Items listed in a dataset
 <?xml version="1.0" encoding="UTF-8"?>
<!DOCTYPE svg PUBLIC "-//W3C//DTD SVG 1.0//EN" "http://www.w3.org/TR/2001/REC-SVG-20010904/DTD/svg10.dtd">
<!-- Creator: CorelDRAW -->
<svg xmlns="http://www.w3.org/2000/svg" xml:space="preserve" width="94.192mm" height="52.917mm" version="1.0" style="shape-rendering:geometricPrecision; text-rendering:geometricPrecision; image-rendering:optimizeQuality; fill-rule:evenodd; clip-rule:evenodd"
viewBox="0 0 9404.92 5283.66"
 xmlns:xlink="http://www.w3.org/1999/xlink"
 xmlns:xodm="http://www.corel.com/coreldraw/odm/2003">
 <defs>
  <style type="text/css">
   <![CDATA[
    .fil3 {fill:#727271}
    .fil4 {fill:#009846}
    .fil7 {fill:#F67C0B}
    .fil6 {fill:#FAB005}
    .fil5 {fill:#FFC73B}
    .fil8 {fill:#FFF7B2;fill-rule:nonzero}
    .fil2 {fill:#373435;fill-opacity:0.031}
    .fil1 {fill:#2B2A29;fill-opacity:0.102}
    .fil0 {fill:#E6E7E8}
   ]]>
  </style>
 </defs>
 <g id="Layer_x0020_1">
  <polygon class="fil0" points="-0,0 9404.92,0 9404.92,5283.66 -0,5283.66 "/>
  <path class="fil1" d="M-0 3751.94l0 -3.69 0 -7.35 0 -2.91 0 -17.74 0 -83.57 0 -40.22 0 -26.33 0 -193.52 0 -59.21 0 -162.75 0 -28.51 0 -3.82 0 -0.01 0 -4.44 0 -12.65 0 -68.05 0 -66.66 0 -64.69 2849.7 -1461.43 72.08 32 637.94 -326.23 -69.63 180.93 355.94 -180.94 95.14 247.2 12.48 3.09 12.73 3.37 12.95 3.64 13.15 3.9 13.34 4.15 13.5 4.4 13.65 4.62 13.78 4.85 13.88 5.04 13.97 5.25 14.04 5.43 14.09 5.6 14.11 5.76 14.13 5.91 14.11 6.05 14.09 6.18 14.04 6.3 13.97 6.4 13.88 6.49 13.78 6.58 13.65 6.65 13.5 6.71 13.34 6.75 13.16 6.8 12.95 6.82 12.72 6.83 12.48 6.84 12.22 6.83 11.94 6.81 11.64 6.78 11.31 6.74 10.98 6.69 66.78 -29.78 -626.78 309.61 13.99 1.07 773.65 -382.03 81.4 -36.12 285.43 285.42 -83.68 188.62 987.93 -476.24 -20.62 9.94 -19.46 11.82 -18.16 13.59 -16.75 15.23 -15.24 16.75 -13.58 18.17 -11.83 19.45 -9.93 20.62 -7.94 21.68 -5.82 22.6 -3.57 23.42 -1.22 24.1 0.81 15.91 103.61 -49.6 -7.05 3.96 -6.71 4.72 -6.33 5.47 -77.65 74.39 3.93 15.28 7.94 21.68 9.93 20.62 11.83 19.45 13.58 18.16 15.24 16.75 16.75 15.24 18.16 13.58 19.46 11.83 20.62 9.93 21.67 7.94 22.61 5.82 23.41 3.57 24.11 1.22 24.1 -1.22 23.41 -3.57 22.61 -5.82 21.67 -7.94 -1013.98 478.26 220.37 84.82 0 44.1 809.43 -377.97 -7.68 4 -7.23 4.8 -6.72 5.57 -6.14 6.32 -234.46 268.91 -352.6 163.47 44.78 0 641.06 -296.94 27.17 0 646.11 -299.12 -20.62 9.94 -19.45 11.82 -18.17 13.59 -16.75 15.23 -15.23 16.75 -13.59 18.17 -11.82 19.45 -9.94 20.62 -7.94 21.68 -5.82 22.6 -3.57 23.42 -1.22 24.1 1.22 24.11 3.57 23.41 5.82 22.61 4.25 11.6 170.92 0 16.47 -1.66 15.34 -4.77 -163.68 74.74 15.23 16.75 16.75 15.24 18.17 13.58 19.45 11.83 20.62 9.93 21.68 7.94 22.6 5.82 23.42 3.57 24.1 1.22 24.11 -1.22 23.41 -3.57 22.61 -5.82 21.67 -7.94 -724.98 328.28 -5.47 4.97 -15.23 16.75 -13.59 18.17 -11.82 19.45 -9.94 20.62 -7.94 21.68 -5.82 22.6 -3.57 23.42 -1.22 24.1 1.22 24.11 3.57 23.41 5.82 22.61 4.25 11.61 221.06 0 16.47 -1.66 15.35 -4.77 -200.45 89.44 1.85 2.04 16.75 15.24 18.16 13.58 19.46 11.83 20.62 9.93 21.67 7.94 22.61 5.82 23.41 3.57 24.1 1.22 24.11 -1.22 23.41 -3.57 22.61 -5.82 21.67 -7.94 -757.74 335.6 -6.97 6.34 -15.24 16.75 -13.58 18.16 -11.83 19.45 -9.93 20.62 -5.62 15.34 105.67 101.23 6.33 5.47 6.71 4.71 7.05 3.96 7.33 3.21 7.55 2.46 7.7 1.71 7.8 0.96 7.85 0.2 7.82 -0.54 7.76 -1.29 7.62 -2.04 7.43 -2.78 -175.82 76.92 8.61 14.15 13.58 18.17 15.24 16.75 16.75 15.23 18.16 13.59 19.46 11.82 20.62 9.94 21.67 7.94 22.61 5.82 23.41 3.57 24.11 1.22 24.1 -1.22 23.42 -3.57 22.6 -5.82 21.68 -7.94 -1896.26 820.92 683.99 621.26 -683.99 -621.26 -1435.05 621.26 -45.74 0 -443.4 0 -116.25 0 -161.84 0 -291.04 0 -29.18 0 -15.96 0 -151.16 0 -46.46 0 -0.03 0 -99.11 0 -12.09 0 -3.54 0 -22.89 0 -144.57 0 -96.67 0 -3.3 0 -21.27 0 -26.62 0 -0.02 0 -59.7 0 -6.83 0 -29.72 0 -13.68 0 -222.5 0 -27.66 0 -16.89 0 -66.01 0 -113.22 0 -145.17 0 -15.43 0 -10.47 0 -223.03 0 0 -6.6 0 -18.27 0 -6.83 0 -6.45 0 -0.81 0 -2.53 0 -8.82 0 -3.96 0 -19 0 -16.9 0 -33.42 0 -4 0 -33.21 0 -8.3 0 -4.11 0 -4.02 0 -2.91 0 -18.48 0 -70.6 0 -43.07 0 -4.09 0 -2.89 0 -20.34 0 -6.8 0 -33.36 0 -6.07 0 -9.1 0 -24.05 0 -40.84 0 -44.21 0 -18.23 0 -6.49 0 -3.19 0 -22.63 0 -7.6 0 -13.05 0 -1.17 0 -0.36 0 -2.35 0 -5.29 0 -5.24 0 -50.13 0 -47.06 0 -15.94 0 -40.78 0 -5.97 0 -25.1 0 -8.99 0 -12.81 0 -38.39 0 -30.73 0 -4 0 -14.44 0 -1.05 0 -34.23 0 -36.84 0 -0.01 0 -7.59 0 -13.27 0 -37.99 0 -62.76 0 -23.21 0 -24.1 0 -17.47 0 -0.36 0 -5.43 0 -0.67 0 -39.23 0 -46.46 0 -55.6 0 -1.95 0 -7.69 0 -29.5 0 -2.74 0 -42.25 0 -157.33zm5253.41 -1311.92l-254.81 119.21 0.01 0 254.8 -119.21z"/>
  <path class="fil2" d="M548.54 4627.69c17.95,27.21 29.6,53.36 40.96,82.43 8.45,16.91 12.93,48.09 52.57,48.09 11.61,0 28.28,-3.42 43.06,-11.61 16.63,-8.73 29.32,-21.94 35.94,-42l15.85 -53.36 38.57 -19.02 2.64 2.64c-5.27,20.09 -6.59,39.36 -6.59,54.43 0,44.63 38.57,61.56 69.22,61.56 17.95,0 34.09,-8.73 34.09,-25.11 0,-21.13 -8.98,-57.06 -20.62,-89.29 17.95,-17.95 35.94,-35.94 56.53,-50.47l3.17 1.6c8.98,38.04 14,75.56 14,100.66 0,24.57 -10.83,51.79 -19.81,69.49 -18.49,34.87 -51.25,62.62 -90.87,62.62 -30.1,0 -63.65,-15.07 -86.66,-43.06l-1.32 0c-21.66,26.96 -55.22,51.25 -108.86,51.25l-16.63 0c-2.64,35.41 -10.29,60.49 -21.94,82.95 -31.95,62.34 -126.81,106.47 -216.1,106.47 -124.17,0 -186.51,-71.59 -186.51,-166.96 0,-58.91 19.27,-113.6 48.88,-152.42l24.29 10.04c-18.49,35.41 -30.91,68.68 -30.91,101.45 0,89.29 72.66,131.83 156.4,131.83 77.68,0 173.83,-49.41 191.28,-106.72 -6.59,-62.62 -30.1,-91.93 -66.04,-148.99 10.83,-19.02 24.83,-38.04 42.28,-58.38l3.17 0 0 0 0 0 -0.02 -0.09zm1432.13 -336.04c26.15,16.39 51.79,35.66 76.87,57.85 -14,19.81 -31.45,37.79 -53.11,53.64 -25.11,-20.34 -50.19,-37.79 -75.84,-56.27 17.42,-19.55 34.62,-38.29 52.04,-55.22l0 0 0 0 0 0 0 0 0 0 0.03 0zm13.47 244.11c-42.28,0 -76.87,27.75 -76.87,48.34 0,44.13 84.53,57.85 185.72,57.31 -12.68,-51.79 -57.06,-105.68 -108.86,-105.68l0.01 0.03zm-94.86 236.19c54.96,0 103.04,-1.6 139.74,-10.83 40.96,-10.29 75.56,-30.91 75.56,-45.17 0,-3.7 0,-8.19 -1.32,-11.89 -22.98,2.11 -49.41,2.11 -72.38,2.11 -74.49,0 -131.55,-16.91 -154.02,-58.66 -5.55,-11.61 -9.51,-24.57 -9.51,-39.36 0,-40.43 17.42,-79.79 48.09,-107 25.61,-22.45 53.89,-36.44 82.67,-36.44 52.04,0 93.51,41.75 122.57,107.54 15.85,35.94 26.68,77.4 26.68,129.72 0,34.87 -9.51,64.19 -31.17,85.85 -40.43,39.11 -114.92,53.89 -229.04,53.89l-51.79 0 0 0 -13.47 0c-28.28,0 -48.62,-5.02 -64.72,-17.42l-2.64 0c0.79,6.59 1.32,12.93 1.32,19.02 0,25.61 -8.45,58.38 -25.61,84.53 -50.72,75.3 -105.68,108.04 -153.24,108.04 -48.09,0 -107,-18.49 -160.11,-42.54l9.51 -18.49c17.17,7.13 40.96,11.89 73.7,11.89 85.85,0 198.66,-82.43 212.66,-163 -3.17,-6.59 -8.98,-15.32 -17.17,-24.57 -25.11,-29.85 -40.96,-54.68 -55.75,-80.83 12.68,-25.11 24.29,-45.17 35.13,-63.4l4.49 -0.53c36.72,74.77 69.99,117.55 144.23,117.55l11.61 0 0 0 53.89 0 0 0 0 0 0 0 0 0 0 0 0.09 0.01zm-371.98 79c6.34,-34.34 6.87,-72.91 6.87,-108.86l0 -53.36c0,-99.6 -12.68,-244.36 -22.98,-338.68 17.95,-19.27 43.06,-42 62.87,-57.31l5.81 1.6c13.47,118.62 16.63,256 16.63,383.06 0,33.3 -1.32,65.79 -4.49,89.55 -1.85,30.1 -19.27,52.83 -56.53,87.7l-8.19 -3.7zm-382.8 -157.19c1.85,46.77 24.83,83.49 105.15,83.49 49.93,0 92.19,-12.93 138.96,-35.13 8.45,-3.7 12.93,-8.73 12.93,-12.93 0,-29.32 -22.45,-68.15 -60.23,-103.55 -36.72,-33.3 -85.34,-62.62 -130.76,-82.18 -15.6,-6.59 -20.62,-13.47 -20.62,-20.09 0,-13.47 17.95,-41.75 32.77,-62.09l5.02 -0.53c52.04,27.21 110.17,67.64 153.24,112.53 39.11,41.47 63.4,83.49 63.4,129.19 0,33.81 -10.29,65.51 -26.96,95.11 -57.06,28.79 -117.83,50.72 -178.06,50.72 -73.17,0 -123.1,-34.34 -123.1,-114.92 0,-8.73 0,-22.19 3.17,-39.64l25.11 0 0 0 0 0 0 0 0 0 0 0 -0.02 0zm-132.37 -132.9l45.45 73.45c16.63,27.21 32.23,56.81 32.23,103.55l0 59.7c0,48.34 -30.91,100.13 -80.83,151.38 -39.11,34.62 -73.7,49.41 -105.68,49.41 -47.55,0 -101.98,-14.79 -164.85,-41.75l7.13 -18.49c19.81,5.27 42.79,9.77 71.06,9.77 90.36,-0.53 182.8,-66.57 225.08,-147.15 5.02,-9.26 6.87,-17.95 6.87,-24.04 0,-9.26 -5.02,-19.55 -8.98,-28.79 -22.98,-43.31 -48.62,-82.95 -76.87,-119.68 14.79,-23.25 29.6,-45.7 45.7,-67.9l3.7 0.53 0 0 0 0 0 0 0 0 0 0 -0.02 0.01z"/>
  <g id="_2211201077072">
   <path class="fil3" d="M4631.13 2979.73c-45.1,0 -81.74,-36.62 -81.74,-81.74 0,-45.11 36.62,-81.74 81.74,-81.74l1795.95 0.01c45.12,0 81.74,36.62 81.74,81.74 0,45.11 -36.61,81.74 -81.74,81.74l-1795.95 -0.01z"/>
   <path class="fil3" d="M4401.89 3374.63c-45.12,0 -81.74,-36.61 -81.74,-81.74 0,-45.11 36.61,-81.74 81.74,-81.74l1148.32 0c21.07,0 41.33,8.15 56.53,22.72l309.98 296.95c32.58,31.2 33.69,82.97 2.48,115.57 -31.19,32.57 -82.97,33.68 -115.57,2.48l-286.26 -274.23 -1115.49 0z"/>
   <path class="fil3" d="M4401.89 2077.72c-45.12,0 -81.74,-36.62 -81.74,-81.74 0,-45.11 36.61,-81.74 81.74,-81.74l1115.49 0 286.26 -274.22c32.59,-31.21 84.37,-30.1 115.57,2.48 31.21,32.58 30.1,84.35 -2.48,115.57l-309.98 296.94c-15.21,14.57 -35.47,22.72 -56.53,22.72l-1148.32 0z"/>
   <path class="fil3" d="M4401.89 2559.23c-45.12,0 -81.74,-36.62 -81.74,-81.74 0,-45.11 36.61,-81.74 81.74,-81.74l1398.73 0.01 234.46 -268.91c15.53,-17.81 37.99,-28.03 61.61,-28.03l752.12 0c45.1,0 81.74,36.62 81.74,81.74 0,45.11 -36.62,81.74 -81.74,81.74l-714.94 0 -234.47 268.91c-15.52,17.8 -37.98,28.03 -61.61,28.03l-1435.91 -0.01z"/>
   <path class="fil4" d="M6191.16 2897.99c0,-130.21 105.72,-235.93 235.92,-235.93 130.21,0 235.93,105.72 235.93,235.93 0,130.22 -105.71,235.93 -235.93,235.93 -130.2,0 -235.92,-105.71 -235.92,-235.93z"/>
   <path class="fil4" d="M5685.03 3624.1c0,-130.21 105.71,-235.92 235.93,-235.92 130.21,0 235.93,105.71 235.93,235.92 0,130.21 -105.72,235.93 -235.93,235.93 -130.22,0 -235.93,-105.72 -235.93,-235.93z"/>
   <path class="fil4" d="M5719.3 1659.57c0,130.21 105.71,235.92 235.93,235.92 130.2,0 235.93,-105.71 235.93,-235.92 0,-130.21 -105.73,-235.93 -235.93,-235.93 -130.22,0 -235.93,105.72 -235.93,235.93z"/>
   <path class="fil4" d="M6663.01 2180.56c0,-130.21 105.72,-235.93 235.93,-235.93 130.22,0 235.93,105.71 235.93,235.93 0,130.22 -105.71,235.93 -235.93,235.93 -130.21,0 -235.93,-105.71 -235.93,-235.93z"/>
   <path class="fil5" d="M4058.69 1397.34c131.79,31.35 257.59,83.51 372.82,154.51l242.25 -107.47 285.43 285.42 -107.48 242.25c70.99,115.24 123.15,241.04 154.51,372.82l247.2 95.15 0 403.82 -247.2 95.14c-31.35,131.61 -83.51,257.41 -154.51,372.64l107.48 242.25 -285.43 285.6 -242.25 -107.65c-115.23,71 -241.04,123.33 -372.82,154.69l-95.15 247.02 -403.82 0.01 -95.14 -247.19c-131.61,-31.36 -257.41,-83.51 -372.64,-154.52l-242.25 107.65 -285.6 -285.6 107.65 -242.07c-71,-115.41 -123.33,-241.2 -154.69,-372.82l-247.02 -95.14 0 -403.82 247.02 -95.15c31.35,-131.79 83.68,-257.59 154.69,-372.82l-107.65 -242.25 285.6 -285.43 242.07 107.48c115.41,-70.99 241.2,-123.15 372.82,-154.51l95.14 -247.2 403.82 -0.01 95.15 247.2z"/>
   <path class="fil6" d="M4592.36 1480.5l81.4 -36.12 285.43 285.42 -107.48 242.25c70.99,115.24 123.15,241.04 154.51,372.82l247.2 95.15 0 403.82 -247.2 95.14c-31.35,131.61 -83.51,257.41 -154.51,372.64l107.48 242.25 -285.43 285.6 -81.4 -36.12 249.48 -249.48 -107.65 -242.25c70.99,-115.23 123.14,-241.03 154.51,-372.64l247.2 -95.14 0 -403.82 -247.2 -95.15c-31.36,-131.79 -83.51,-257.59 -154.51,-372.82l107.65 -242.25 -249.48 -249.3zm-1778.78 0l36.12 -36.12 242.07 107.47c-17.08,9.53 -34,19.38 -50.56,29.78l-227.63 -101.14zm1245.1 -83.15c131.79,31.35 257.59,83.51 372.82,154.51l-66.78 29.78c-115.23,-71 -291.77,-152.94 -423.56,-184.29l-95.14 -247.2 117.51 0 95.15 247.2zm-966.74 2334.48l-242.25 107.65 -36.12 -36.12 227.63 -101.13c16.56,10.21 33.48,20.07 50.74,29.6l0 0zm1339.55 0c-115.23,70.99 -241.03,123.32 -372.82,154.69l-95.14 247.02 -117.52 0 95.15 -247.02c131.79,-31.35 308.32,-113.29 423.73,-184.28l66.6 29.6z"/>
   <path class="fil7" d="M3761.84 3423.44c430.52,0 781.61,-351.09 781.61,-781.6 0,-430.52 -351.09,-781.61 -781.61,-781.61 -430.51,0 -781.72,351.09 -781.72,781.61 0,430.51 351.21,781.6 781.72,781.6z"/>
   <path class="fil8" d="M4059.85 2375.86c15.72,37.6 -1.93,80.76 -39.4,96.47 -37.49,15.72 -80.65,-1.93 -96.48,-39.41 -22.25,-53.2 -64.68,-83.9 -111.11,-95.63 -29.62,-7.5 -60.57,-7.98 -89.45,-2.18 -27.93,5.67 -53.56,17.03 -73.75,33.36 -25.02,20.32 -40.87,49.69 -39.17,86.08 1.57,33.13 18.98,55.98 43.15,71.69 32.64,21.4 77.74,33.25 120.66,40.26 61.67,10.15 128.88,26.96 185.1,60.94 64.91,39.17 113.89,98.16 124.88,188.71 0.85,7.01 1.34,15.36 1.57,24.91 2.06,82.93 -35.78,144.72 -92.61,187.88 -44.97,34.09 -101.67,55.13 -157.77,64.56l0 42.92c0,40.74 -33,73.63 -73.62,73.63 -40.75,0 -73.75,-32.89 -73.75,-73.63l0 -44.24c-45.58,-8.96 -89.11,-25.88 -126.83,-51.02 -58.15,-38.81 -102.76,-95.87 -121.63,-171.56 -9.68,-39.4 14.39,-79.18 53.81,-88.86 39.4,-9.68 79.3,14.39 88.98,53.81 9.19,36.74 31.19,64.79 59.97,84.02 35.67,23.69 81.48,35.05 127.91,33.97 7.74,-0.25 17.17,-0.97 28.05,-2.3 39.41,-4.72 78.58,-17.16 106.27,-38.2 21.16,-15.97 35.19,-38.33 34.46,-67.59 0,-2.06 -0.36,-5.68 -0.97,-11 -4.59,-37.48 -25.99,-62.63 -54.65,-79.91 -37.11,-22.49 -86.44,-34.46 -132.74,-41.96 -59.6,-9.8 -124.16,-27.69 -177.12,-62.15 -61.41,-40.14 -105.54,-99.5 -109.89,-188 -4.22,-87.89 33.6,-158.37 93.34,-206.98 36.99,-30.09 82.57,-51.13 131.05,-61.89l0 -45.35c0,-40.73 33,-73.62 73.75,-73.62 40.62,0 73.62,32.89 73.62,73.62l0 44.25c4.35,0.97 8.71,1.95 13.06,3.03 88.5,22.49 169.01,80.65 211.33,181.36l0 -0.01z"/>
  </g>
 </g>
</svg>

**Assigned task**
Extract every line above that contains the word "opacity".

**Response for this exercise**
    .fil2 {fill:#373435;fill-opacity:0.031}
    .fil1 {fill:#2B2A29;fill-opacity:0.102}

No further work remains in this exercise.